§ **Your goal**
Leave the pictures out. Return all other data exactly.

Records from a collection
###
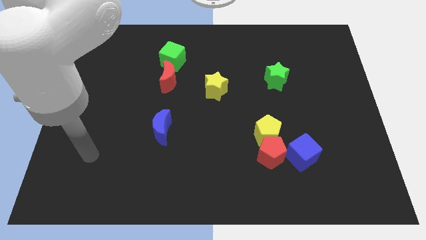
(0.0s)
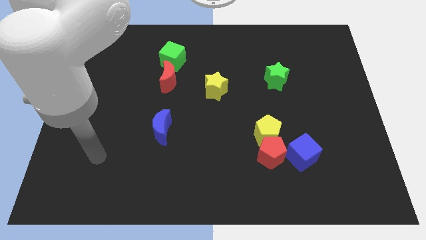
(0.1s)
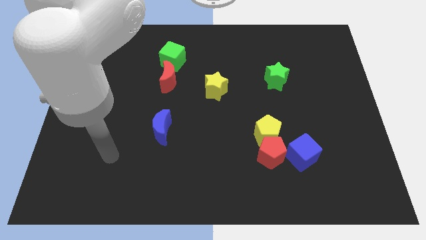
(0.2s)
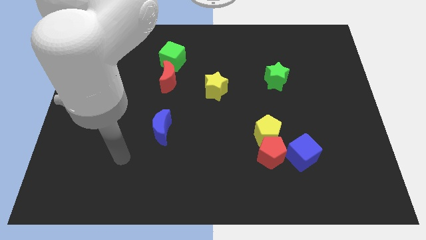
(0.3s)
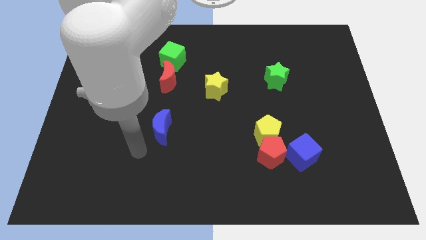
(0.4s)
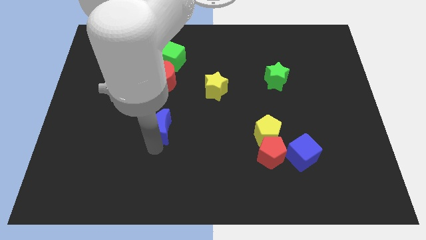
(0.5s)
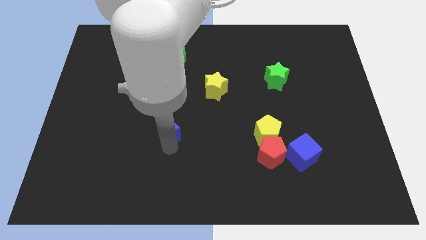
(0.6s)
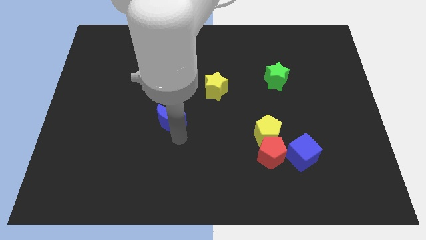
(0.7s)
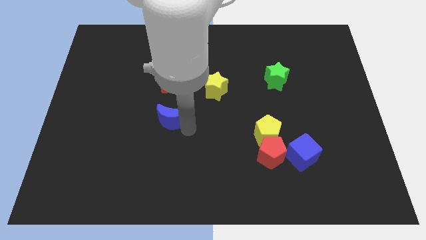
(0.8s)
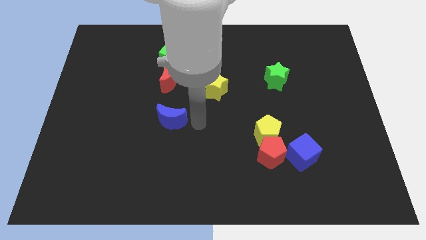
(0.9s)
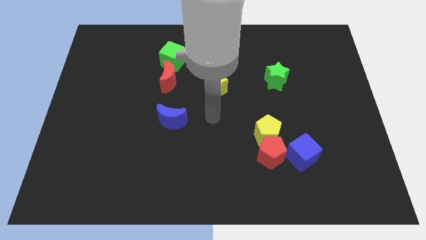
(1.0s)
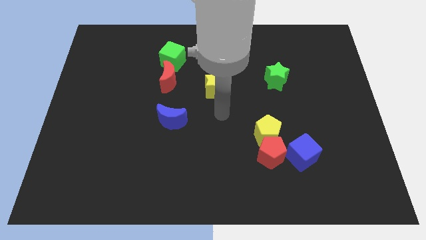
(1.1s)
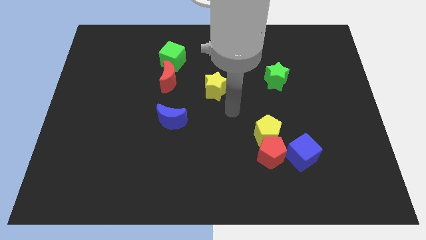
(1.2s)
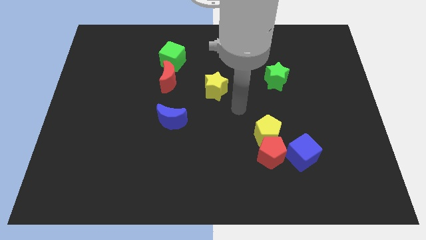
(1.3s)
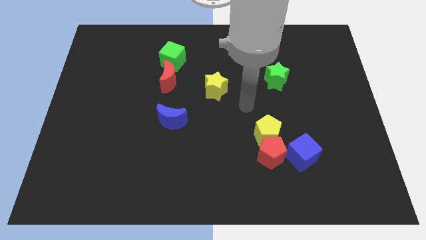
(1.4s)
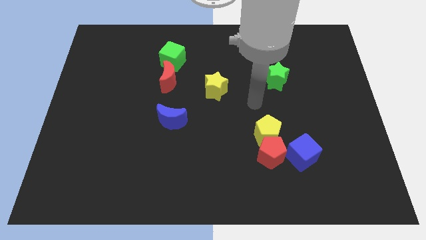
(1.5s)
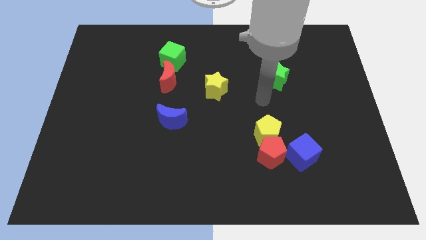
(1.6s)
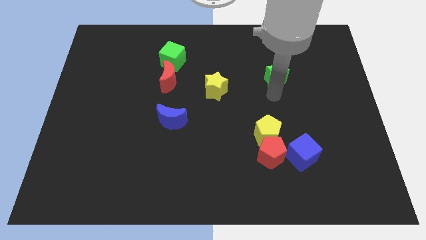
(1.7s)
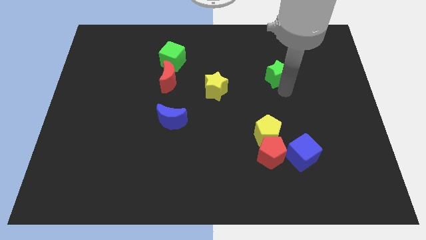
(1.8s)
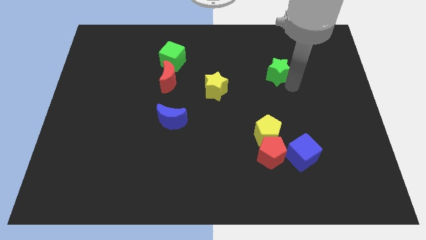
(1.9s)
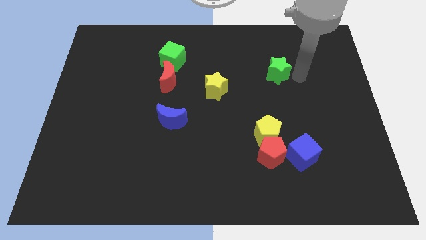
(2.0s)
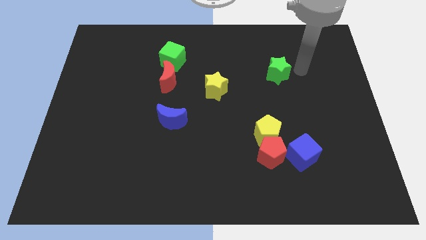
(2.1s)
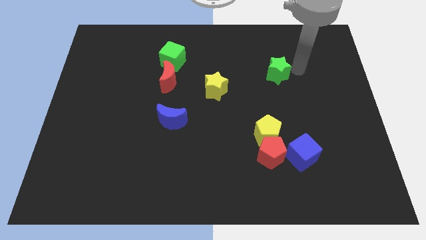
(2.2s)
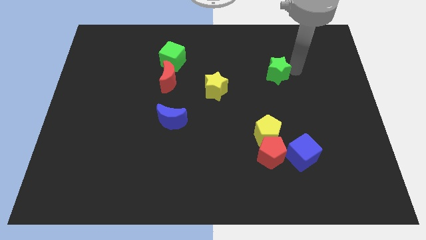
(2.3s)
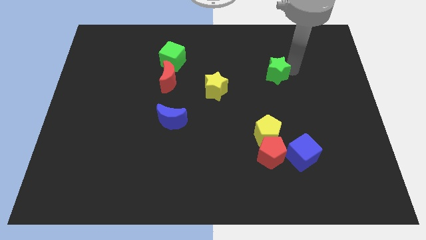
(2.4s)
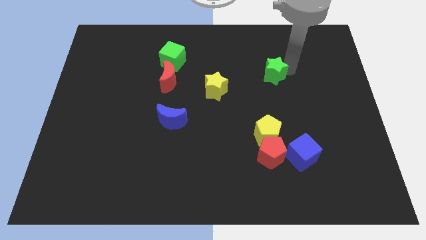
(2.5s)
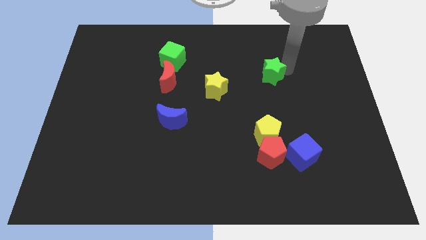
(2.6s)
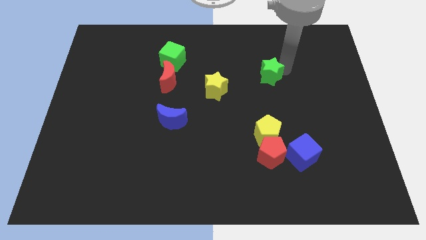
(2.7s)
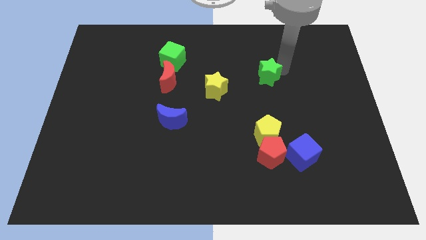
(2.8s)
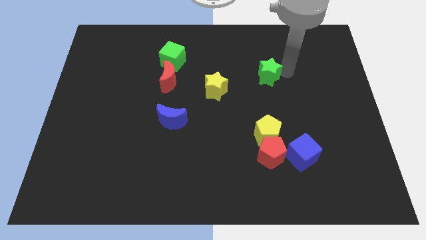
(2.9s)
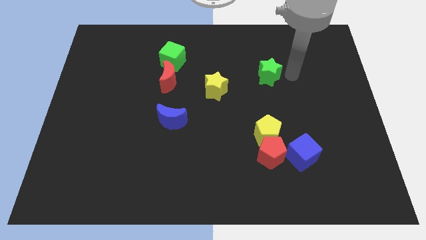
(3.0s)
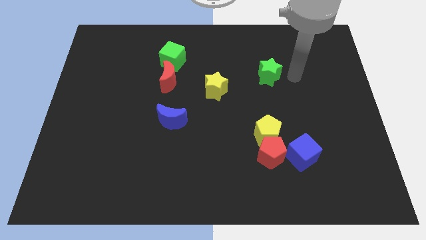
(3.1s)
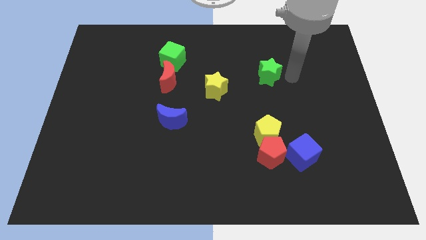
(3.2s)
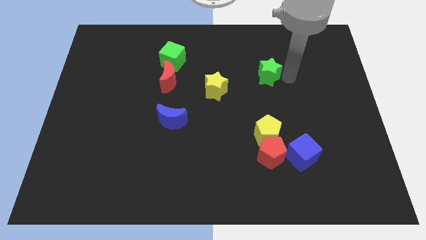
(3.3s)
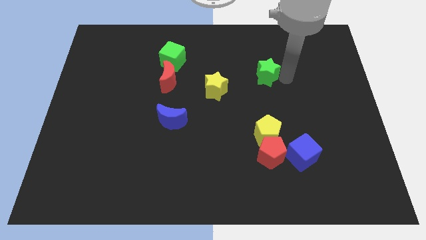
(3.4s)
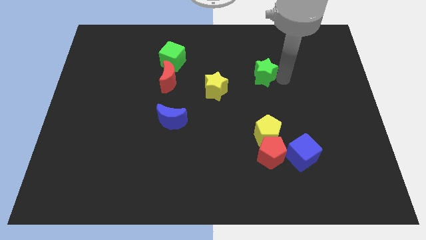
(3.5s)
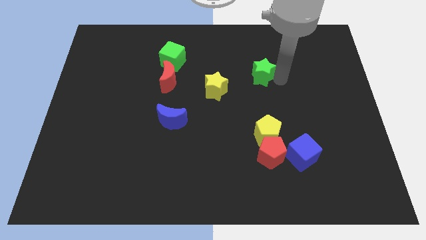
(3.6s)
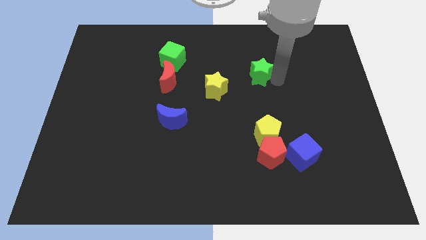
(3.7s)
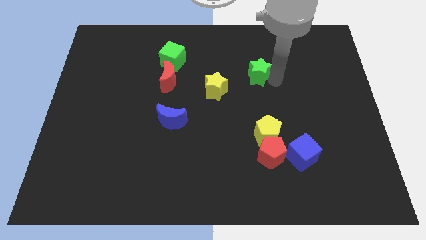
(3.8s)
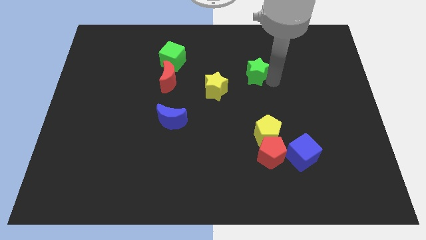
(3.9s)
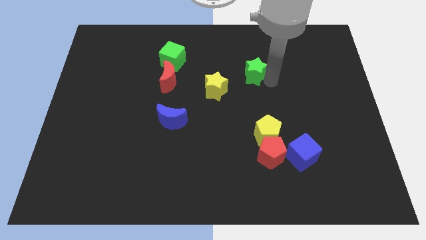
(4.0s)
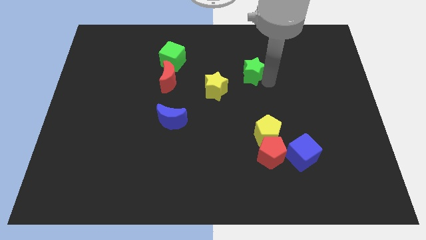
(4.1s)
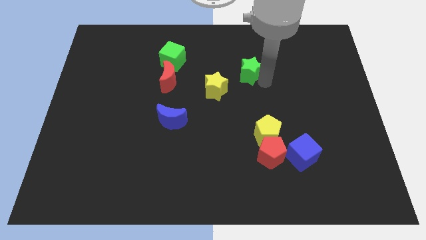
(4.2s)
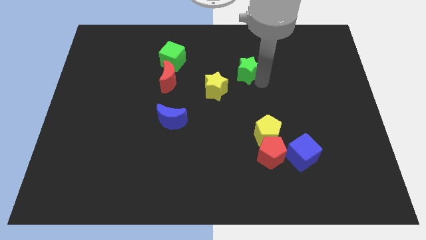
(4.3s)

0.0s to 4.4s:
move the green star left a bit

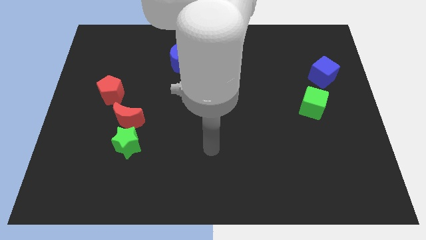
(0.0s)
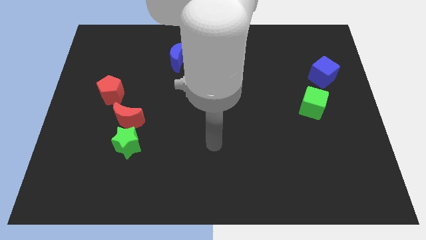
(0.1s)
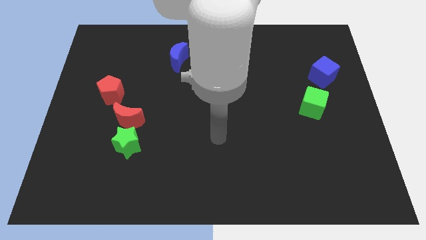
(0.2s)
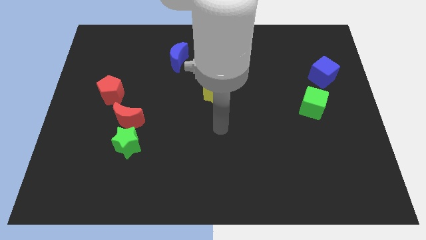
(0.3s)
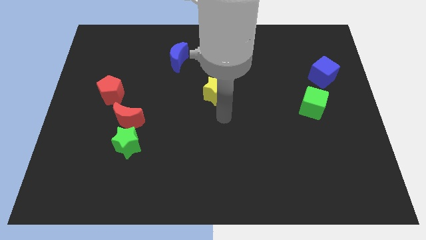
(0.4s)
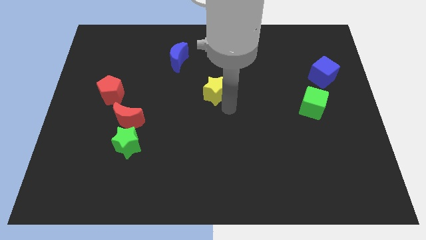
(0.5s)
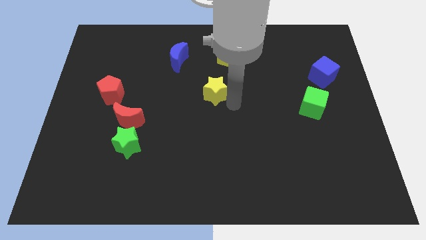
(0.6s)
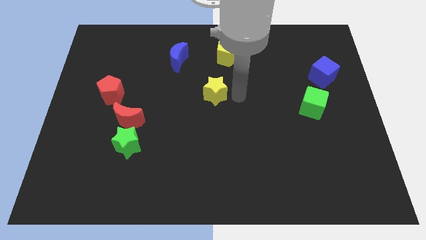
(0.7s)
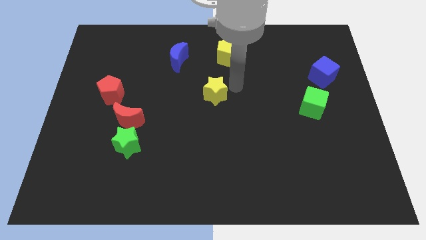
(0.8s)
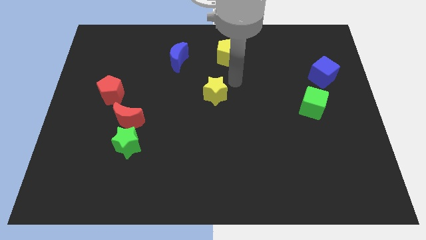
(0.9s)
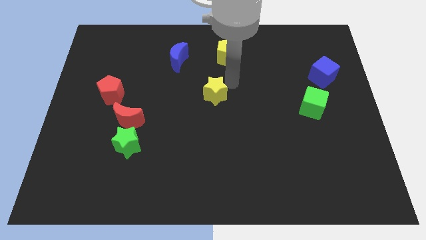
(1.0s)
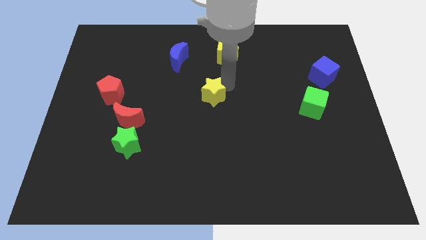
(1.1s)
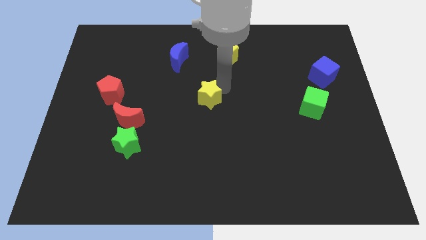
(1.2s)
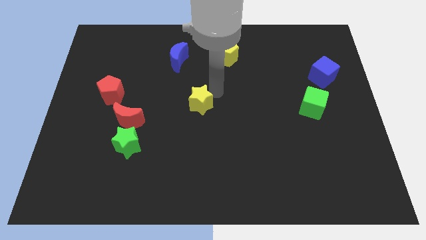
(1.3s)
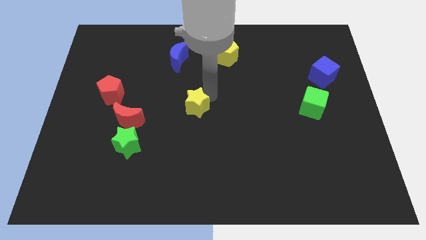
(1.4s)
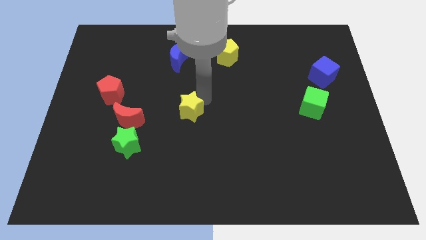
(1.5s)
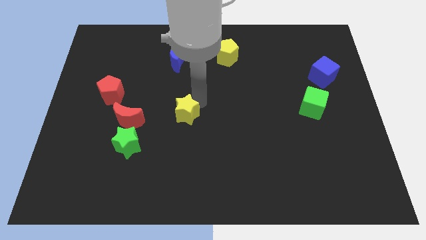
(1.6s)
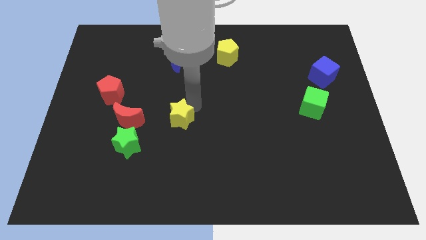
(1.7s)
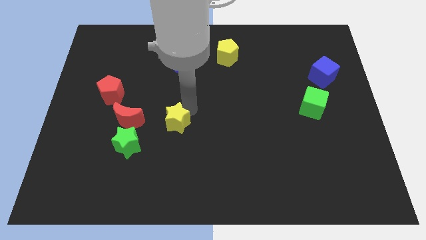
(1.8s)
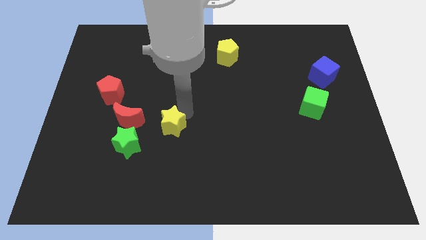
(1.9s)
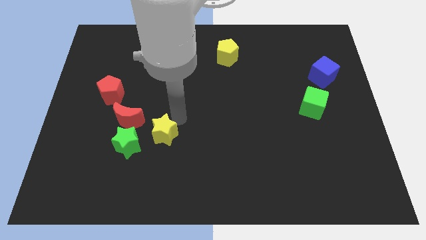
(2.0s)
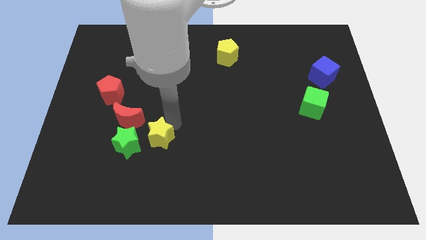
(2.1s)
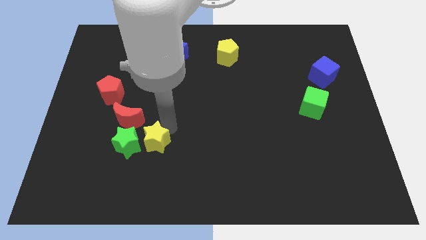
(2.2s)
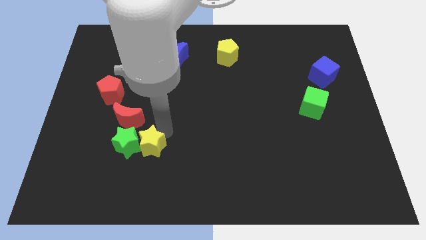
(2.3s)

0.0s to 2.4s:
###
§ **Reply to the task**
(0.0s)
(0.1s)
(0.2s)
(0.3s)
(0.4s)
(0.5s)
(0.6s)
(0.7s)
(0.8s)
(0.9s)
(1.0s)
(1.1s)
(1.2s)
(1.3s)
(1.4s)
(1.5s)
(1.6s)
(1.7s)
(1.8s)
(1.9s)
(2.0s)
(2.1s)
(2.2s)
(2.3s)
(2.4s)
(2.5s)
(2.6s)
(2.7s)
(2.8s)
(2.9s)
(3.0s)
(3.1s)
(3.2s)
(3.3s)
(3.4s)
(3.5s)
(3.6s)
(3.7s)
(3.8s)
(3.9s)
(4.0s)
(4.1s)
(4.2s)
(4.3s)

0.0s to 4.4s:
move the green star left a bit

(0.0s)
(0.1s)
(0.2s)
(0.3s)
(0.4s)
(0.5s)
(0.6s)
(0.7s)
(0.8s)
(0.9s)
(1.0s)
(1.1s)
(1.2s)
(1.3s)
(1.4s)
(1.5s)
(1.6s)
(1.7s)
(1.8s)
(1.9s)
(2.0s)
(2.1s)
(2.2s)
(2.3s)

0.0s to 2.4s:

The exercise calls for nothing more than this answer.